La vie à 25 ans

La vingtaine, quand fleurit la fratrie

OPINION. Jeune adulte, on quitte la maison et, avec elle, nos frères et sœurs pour se construire de notre côté. Cette période voit fatalement les liens se distendre… mais leur offre paradoxalement un second souffle, affirme notre chroniqueuse

On peut être jeune et prendre un coup de vieux. A mon âge, ça arrive même régulièrement. En entendant, dans le bus, un ado dire «j’ai trop le seum»; en se surprenant à délaisser les bars au profit d’apéros dînatoires; ou en préparant les 30 ans d’une sœur aînée, comme c’est mon cas actuellement.

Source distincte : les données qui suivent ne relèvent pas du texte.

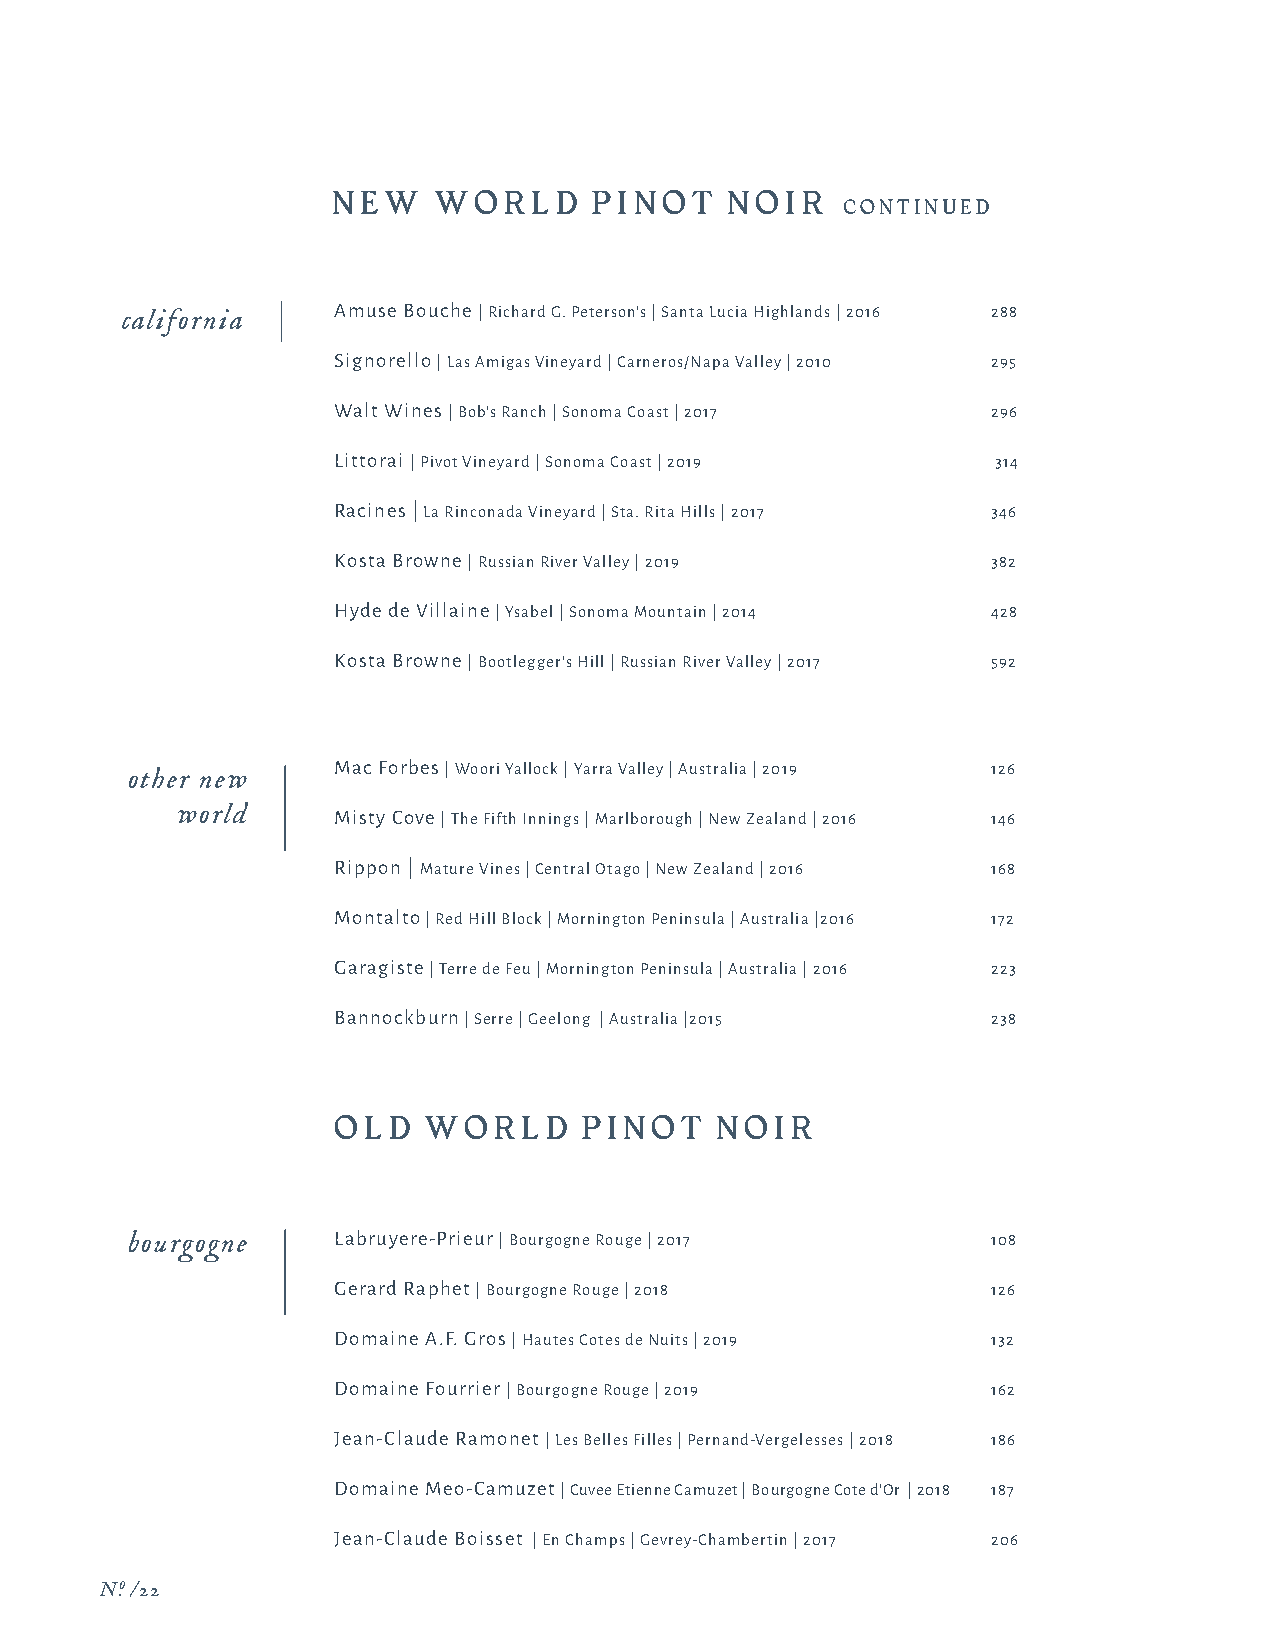
N E W  WOR   LD  PI N O T N OI R
 CONTINUED
 california    Amuse Bouche | Richard G. Peterson's | Santa Lucia Highlands | 2016 288
 Signorello | Las Amigas Vineyard | Carneros/Napa Valley | 2010 295
 Walt Wines | Bob's Ranch | Sonoma Coast | 2017 296
 Littorai | Pivot Vineyard | Sonoma Coast | 2019 314
 Racines | La Rinconada Vineyard | Sta. Rita Hills | 2017 346
 Kosta Browne | Russian River Valley | 2019  382
 Hyde de Villaine | Ysabel | Sonoma Mountain | 2014 428
 Kosta Browne | Bootlegger's Hill | Russian River Valley | 2017 592
 Mac Forbes | Woori Yallock | Yarra Valley | Australia | 2019 126
 other new
 world     Misty Cove | The Fifth Innings | Marlborough | New Zealand | 2016 146
 Rippon | Mature Vines | Central Otago | New Zealand | 2016 168
 Montalto | Red Hill Block | Mornington Peninsula | Australia |2016 172
 Garagiste | Terre de Feu | Mornington Peninsula | Australia | 2016 223
 Bannockburn | Serre | Geelong | Australia |2015 238
 OLD   WOR   LD   PI N O T N OI R
 bourgogne     Labruyere-Prieur | Bourgogne Rouge | 2017   108
 Gerard Raphet | Bourgogne Rouge | 2018      126
 Domaine A.F. Gros | Hautes Cotes de Nuits | 2019 132
 Domaine Fourrier | Bourgogne Rouge | 2019   162
 Jean-Claude Ramonet | Les Belles Filles | Pernand-Vergelesses | 2018 186
 Domaine Meo-Camuzet | Cuvee Etienne Camuzet | Bourgogne Cote d'Or | 2018 187
 Jean-Claude Boisset | En Champs | Gevrey-Chambertin | 2017 206
 N.o /22

Trente ans! Ce genre d’anniversaires à zéros nous rappellent qu’on s’approche tous, inexorablement, de la mort – ça, c’est pour les jours de déprime. Mais aussi que cela fait déjà presque trois décennies qu’on se coltine cet être humain, qui partage nos gènes et nos plus lointains souvenirs sans vraiment l’avoir choisi. Et de réaliser que nos relations fraternelles n’ont jamais autant changé que ses dernières années.

Cadets plus rigolos

Il paraît loin, le temps où l’on élaborait ensemble des chorégraphies sur du Britney Spears entre deux tasses de Nesquik. La fratrie a grandi et quitté le nid, s’envolant étudier à l’étranger ou vivre avec sa moitié. Cet éloignement géographique devient émotionnel aussi: tout à coup, on ne partage plus son quotidien, ses états d’âme, ses céréales du matin. L’autre cesse d’être un repère ultime, une présence nécessaire. «Chacun sa route, chacun son chemin», fredonnait Tonton David dans Un Indien dans la ville, film qu’on regardait à l’époque blottis sur le canapé du salon. D’ailleurs, selon une étude britannique, les milléniaux ainsi détachés considéreraient rarement leurs frères et sœurs comme de proches amis.

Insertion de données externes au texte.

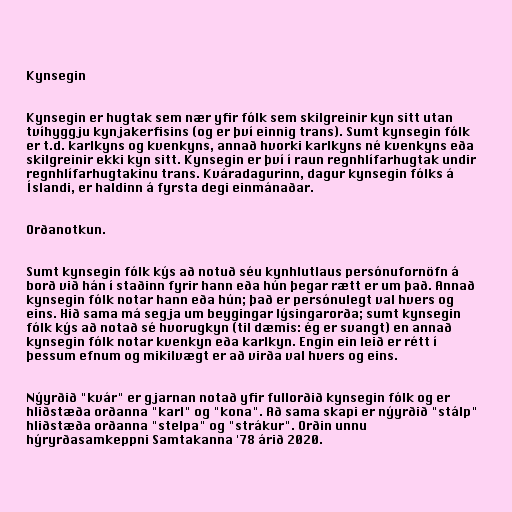
Kynsegin

Kynsegin er hugtak sem nær yfir fólk sem skilgreinir kyn sitt utan
tvíhyggju kynjakerfisins (og er því einnig trans). Sumt kynsegin fólk
er t.d. karlkyns og kvenkyns, annað hvorki karlkyns né kvenkyns eða
skilgreinir ekki kyn sitt. Kynsegin er því í raun regnhlífarhugtak undir
regnhlífarhugtakinu trans. Kváradagurinn, dagur kynsegin fólks á
Íslandi, er haldinn á fyrsta degi einmánaðar.

Orðanotkun.

Sumt kynsegin fólk kýs að notuð séu kynhlutlaus persónufornöfn á
borð við hán í staðinn fyrir hann eða hún þegar rætt er um það. Annað
kynsegin fólk notar hann eða hún; það er persónulegt val hvers og
eins. Hið sama má segja um beygingar lýsingarorða; sumt kynsegin
fólk kýs að notað sé hvorugkyn (til dæmis: ég er svangt) en annað
kynsegin fólk notar kvenkyn eða karlkyn. Engin ein leið er rétt í
þessum efnum og mikilvægt er að virða val hvers og eins.

Nýyrðið "kvár" er gjarnan notað yfir fullorðið kynsegin fólk og er
hliðstæða orðanna "karl" og "kona". Að sama skapi er nýyrðið "stálp"
hliðstæða orðanna "stelpa" og "strákur". Orðin unnu
hýryrðasamkeppni Samtakanna '78 árið 2020.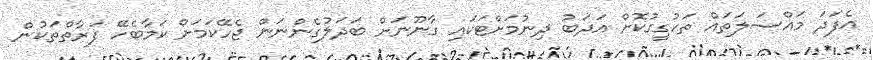
އެފަދަ މައްސަލަތައް ތަހުގީގުކޮށް އަދަބު ދިނުމަށްޓަކައި ގާނޫނަށް ބަދަލުގެންނަން ޖެހޭކަމަށް ކަމާބެހޭ ފަރާތްތަކުން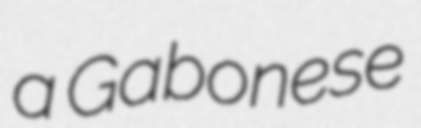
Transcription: a Gabonese
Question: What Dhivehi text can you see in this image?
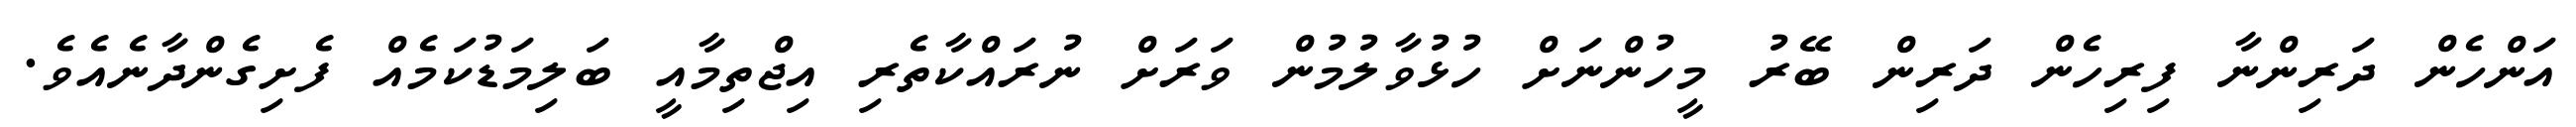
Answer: އަންހެން ދަރިންނާ ފިރިހެން ދަރިން ބޭރު މީހުންނަށް ހުޅުވާލުމުން ވަރަށް ނުރައްކާތެރި އިޖްތިމާއީ ބަލިމަޑުކަމެއް ފެށިގެންދާނެއެވެ.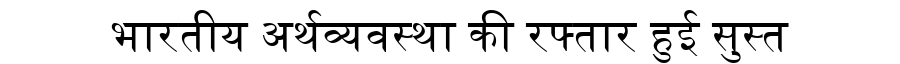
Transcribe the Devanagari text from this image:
भारतीय अर्थव्यवस्था की रफ्तार हुई सुस्त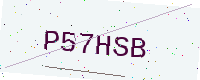
Text: P57HSB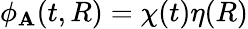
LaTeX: \phi_{\mathbf{A}}(t,R)=\chi(t)\eta(R)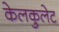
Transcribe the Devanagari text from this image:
केलकुलेट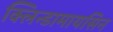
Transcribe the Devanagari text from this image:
क्लिन्डामायसिन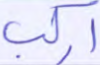
اركب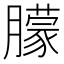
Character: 朦

Parallèlement, cette distance me paraît salvatrice. Pour quiconque a partagé son armoire ou sa salle de bains avec une reine du bazar, d’abord. Mais surtout parce que l’éloignement permet de s’émanciper des étiquettes. L’aîné, le benjamin, «celui du milieu»: ces rôles nous ont longtemps collé à la peau, définissant notre relation et même notre personnalité – les médias nous le rappellent régulièrement, affirmant que les aînés sont plus intelligents, les cadets plus rigolos ou plus entreprenants

On se ressemble un peu moins…

Certains de ces clichés sont sans doute fondés. Grandir le premier, c’est forcément gérer différemment l’apprentissage, les responsabilités. Et justement: libéré du regard critique d’une grande sœur, des attentes démesurées d’un petit frère, on laisse éclore qui on est, qui on veut être. Pour mieux se retrouver jeunes adultes, quand les années qui nous séparent n’ont plus d’importance et que la rivalité s’est essoufflée. C’est vrai, on se ressemble un peu moins. Mais on se choisit, et c’est tout aussi fort.